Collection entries
- Opening Delimiter -
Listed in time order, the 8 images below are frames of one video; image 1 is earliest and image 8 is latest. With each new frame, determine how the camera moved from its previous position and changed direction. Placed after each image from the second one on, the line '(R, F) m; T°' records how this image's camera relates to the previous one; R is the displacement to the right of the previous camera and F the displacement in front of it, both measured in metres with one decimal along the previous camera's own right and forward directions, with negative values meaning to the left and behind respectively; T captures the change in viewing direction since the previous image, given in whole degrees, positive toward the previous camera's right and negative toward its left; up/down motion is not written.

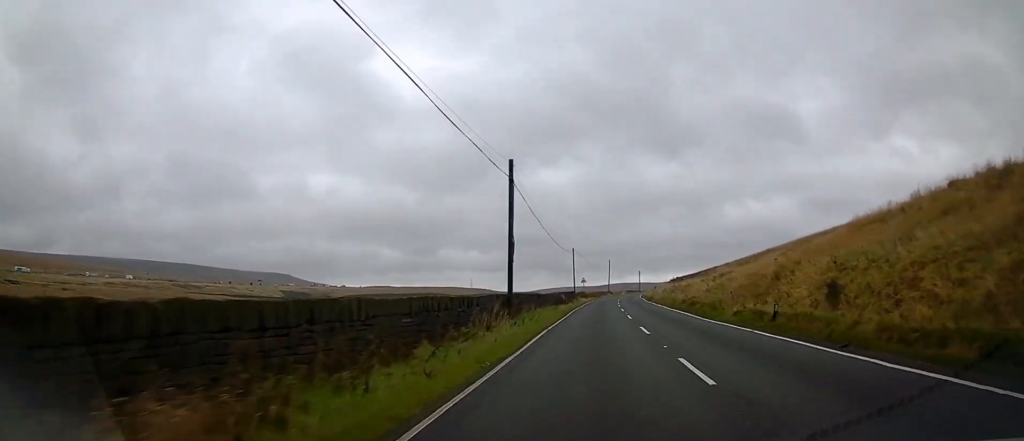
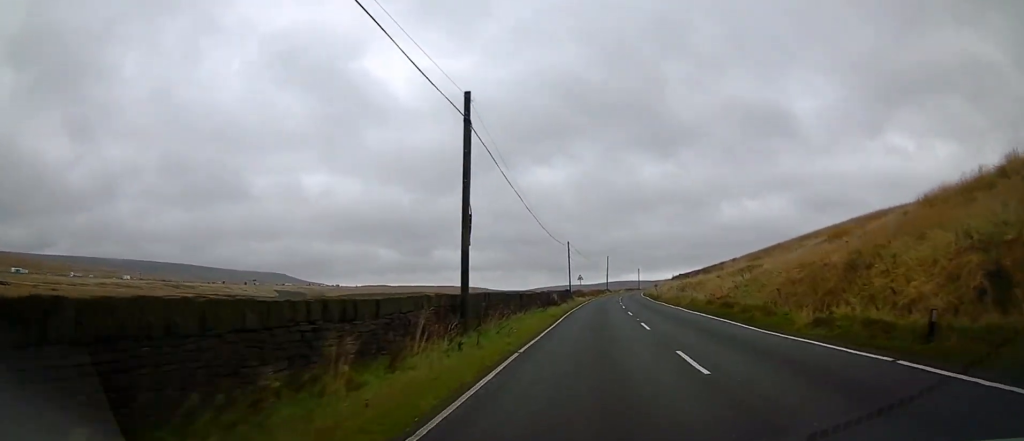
(+0.1, +7.9) m; 0°
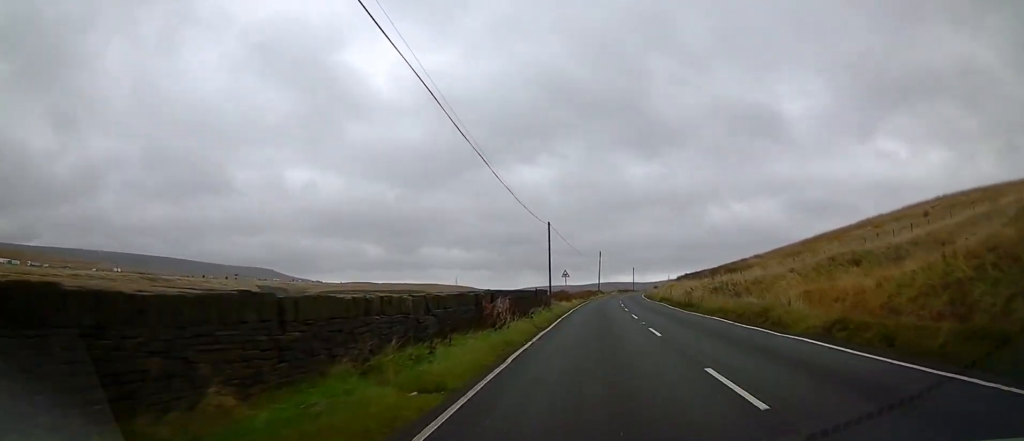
(+0.2, +19.8) m; +1°
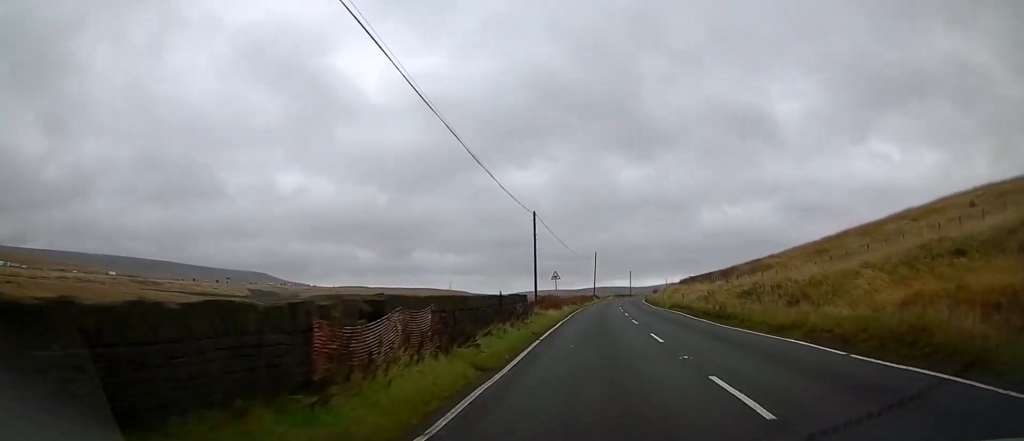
(0.0, +8.9) m; 0°
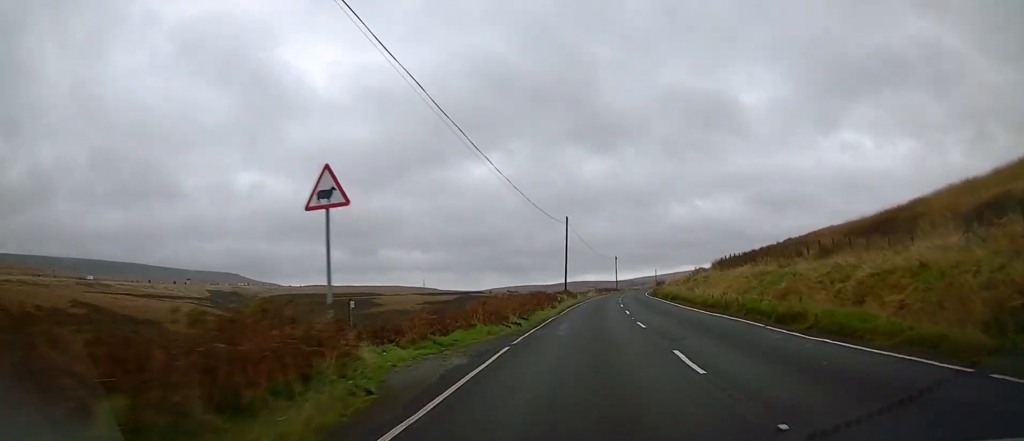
(+0.9, +40.4) m; +2°
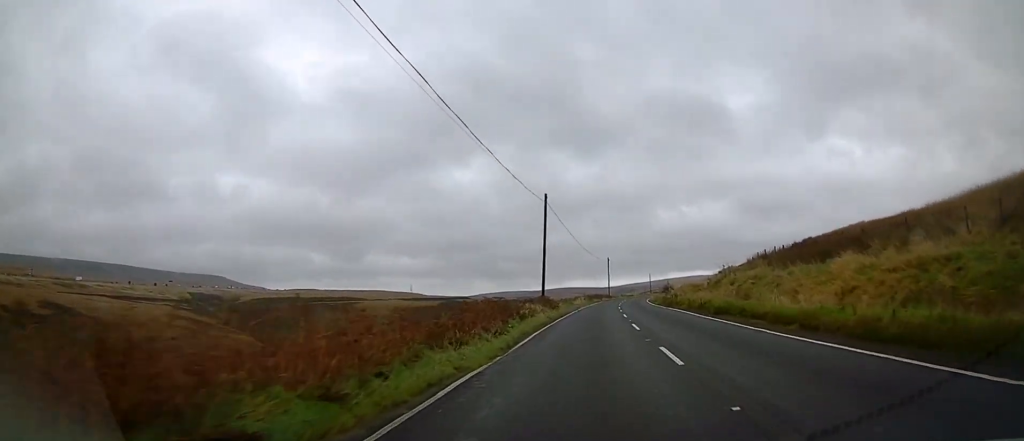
(0.0, +16.2) m; +1°
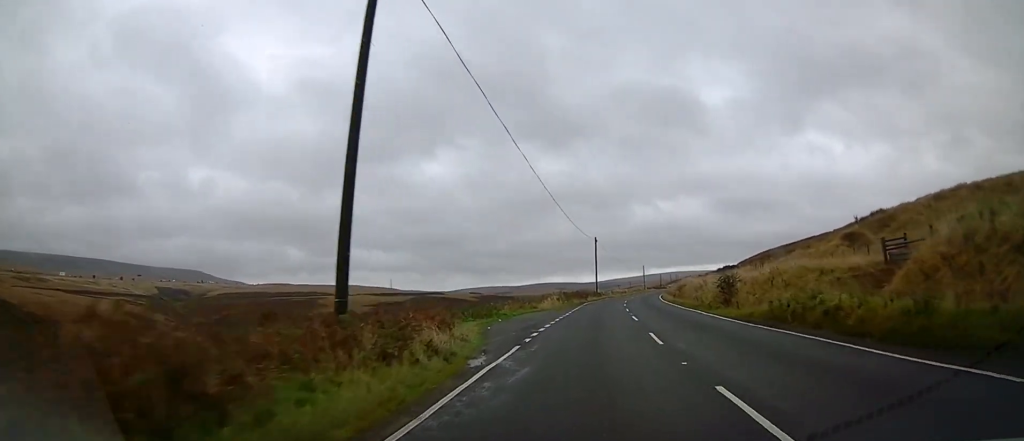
(+1.0, +31.3) m; +3°
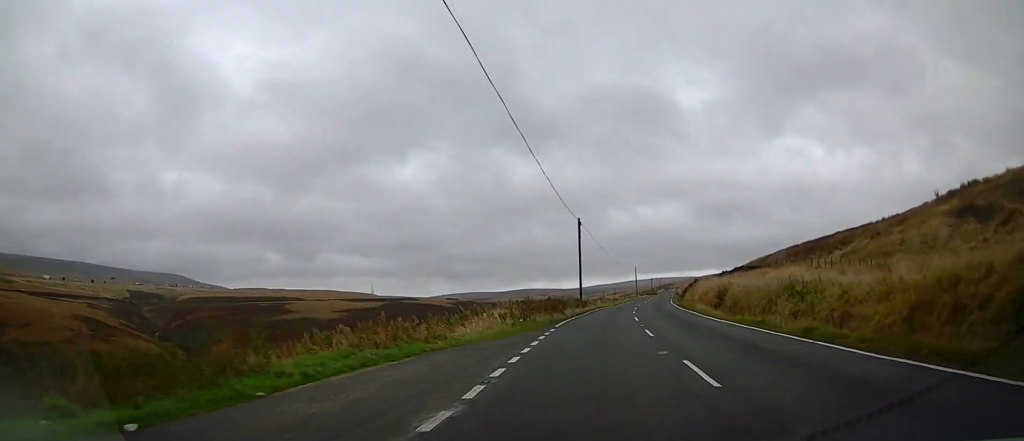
(+0.3, +23.0) m; +1°
- Closing Delimiter -
Exactly as written above, print every record, and keep the pictures out.

Listed in time order, the 8 images below are frames of one video; image 1 is earliest and image 8 is latest. With each new frame, determine how the camera moved from its previous position and changed direction. Placed after each image from the second one on, the line '(R, F) m; T°' records how this image's camera relates to the previous one; R is the displacement to the right of the previous camera and F the displacement in front of it, both measured in metres with one decimal along the previous camera's own right and forward directions, with negative values meaning to the left and behind respectively; T captures the change in viewing direction since the previous image, given in whole degrees, positive toward the previous camera's right and negative toward its left; up/down motion is not written.

(+0.1, +7.9) m; 0°
(+0.2, +19.8) m; +1°
(0.0, +8.9) m; 0°
(+0.9, +40.4) m; +2°
(0.0, +16.2) m; +1°
(+1.0, +31.3) m; +3°
(+0.3, +23.0) m; +1°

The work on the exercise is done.